:: Given entries ::

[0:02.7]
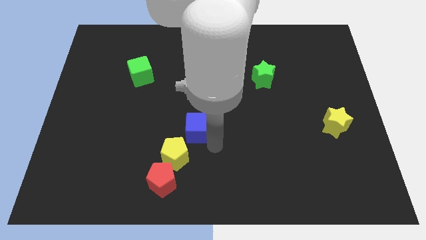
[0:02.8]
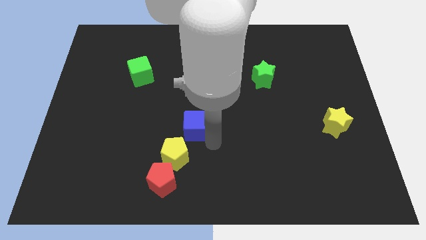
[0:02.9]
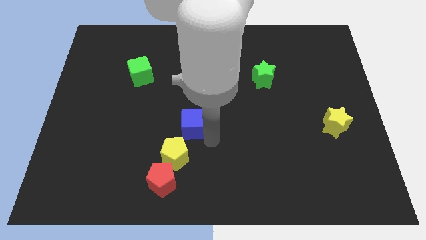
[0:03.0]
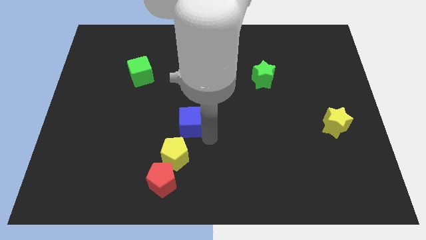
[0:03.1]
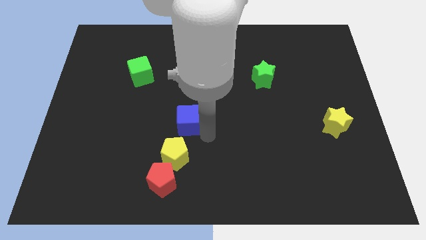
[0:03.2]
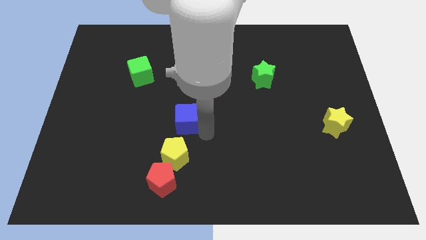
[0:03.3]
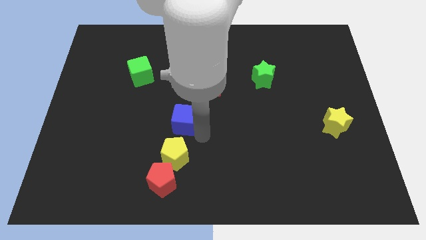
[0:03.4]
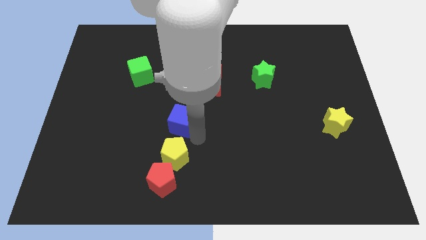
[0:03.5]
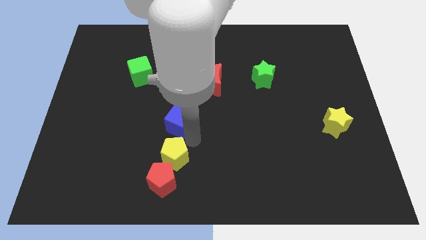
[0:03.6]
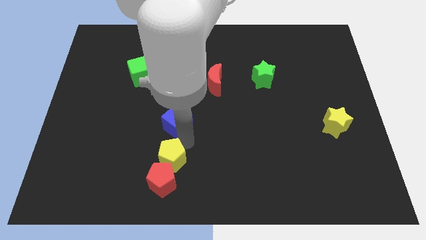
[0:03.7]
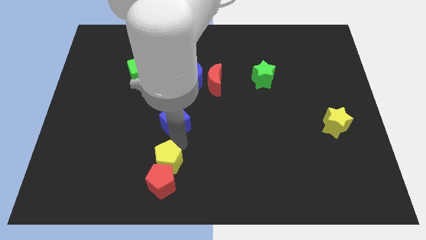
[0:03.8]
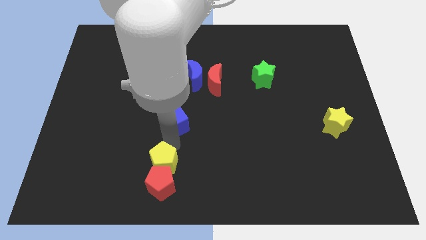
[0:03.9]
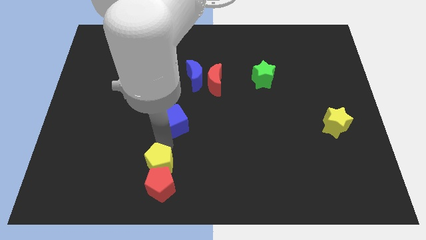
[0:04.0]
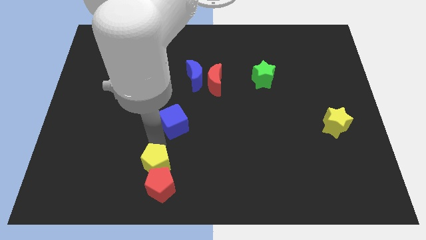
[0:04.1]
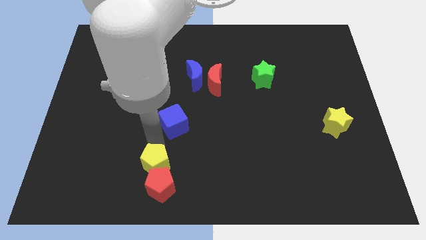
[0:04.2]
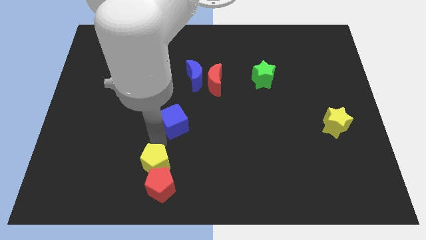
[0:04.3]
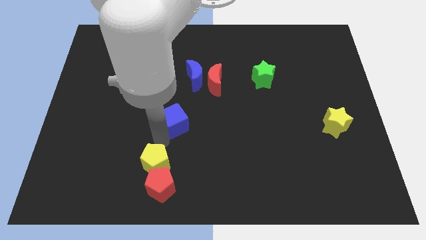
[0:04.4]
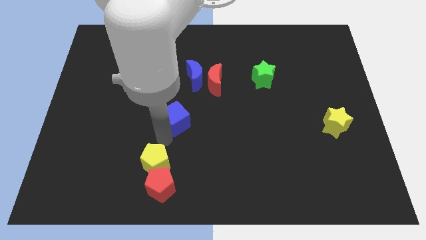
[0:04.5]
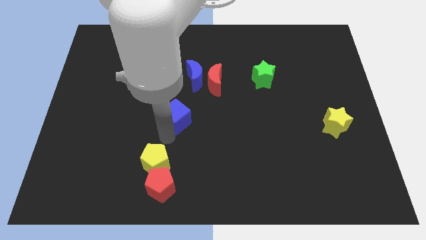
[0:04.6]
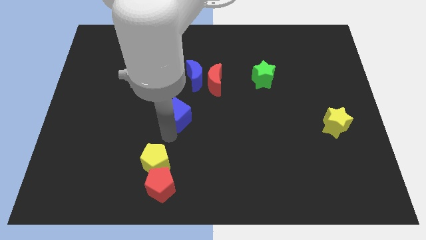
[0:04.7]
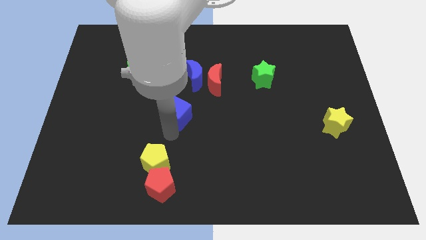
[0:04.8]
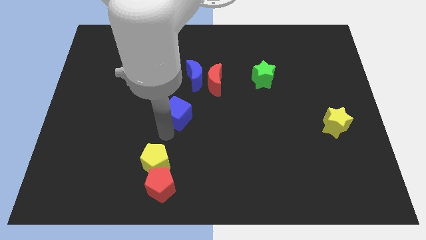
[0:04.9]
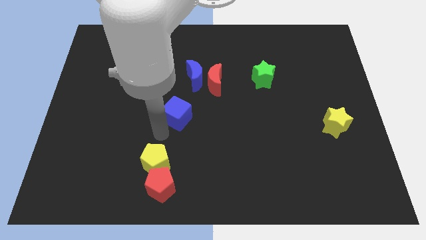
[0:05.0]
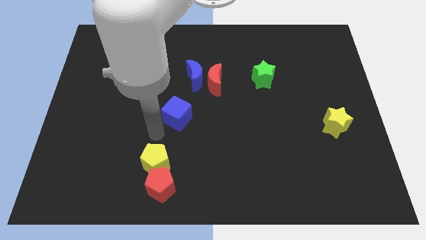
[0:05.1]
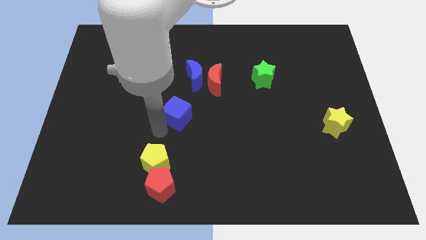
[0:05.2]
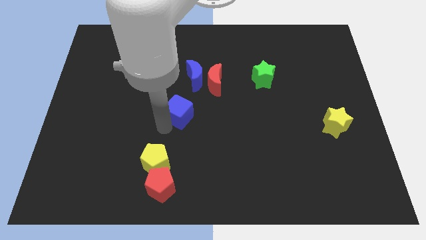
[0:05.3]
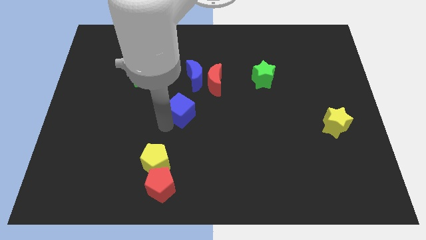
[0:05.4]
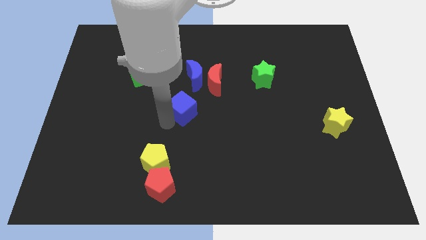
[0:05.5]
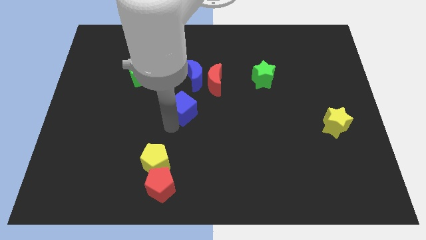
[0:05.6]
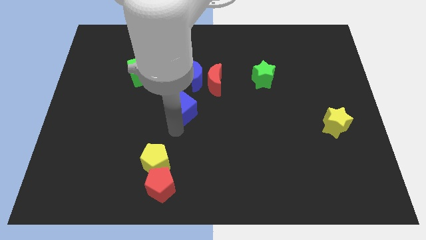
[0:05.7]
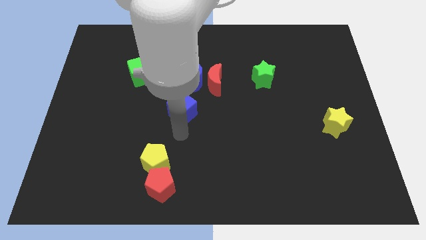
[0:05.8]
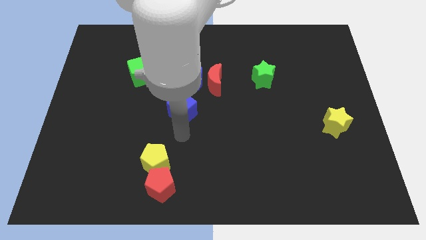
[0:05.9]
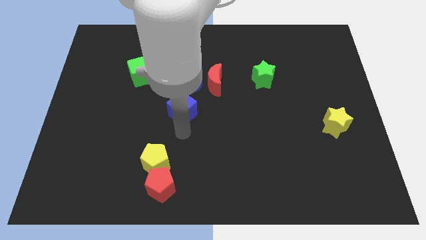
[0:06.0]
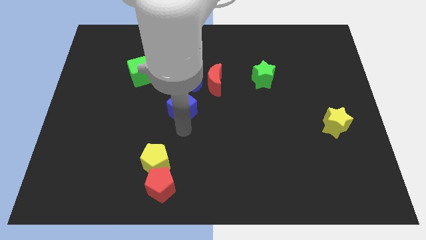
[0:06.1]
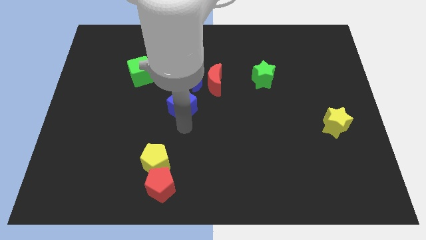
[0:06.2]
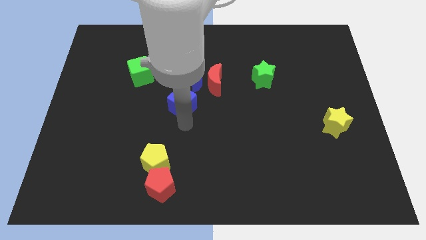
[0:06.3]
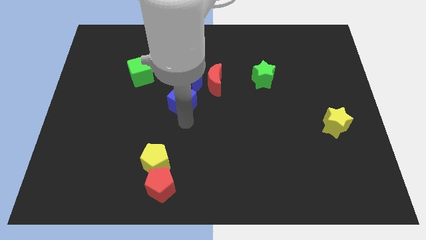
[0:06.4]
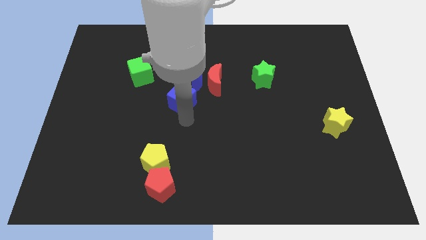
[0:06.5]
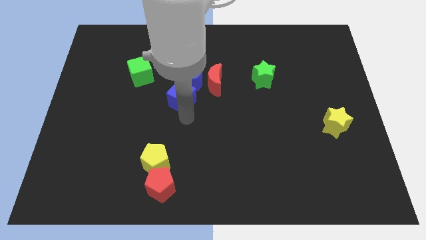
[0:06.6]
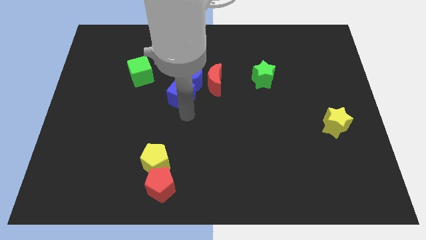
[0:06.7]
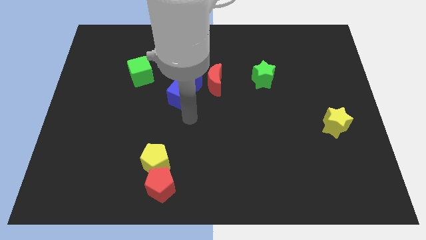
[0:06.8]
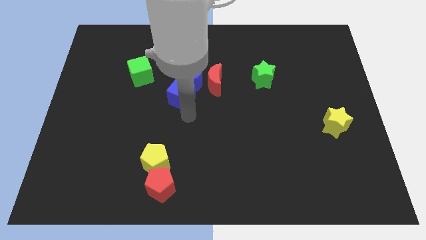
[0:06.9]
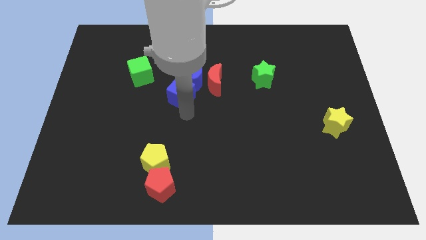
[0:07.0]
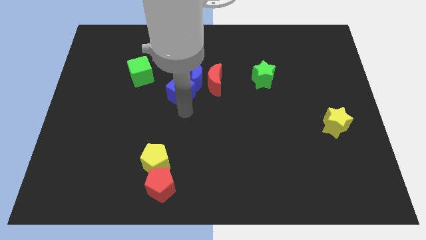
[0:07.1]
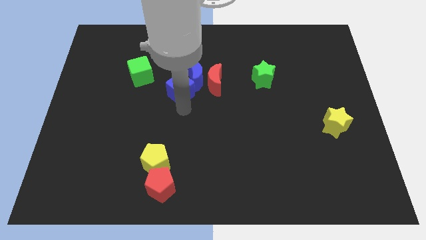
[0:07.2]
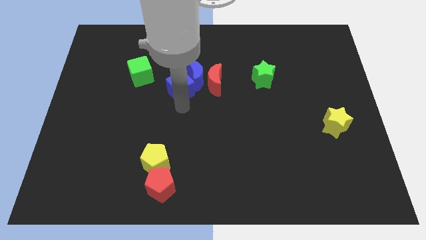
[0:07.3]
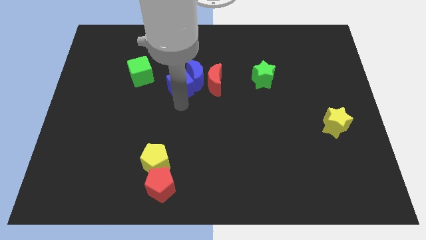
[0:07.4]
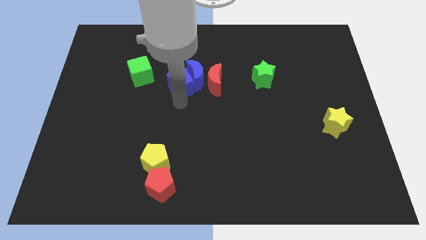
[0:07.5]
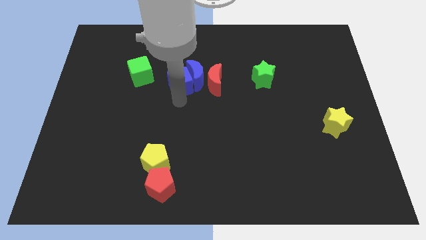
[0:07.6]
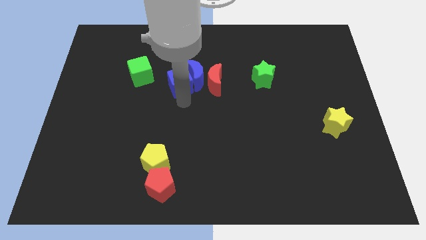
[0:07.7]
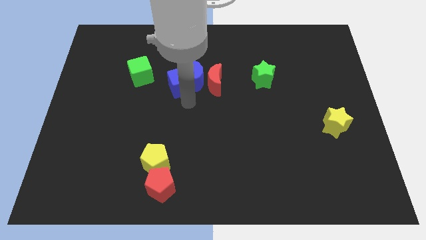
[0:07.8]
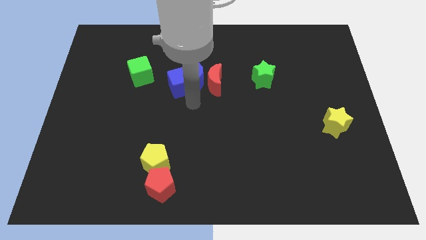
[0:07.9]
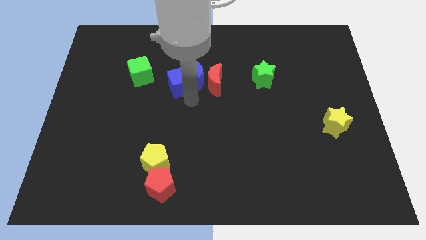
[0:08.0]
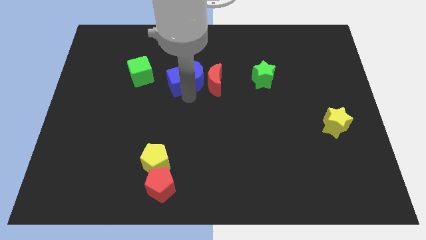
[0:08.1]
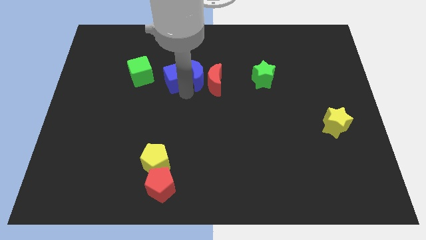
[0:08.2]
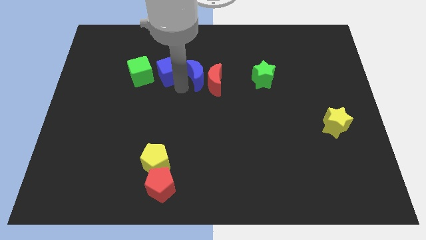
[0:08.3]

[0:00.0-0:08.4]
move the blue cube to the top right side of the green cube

:::

__Your objective__
Where a record holds a picture, leave the picture out and restate the rest word for word.

__The answer__
[0:02.7]
[0:02.8]
[0:02.9]
[0:03.0]
[0:03.1]
[0:03.2]
[0:03.3]
[0:03.4]
[0:03.5]
[0:03.6]
[0:03.7]
[0:03.8]
[0:03.9]
[0:04.0]
[0:04.1]
[0:04.2]
[0:04.3]
[0:04.4]
[0:04.5]
[0:04.6]
[0:04.7]
[0:04.8]
[0:04.9]
[0:05.0]
[0:05.1]
[0:05.2]
[0:05.3]
[0:05.4]
[0:05.5]
[0:05.6]
[0:05.7]
[0:05.8]
[0:05.9]
[0:06.0]
[0:06.1]
[0:06.2]
[0:06.3]
[0:06.4]
[0:06.5]
[0:06.6]
[0:06.7]
[0:06.8]
[0:06.9]
[0:07.0]
[0:07.1]
[0:07.2]
[0:07.3]
[0:07.4]
[0:07.5]
[0:07.6]
[0:07.7]
[0:07.8]
[0:07.9]
[0:08.0]
[0:08.1]
[0:08.2]
[0:08.3]

[0:00.0-0:08.4]
move the blue cube to the top right side of the green cube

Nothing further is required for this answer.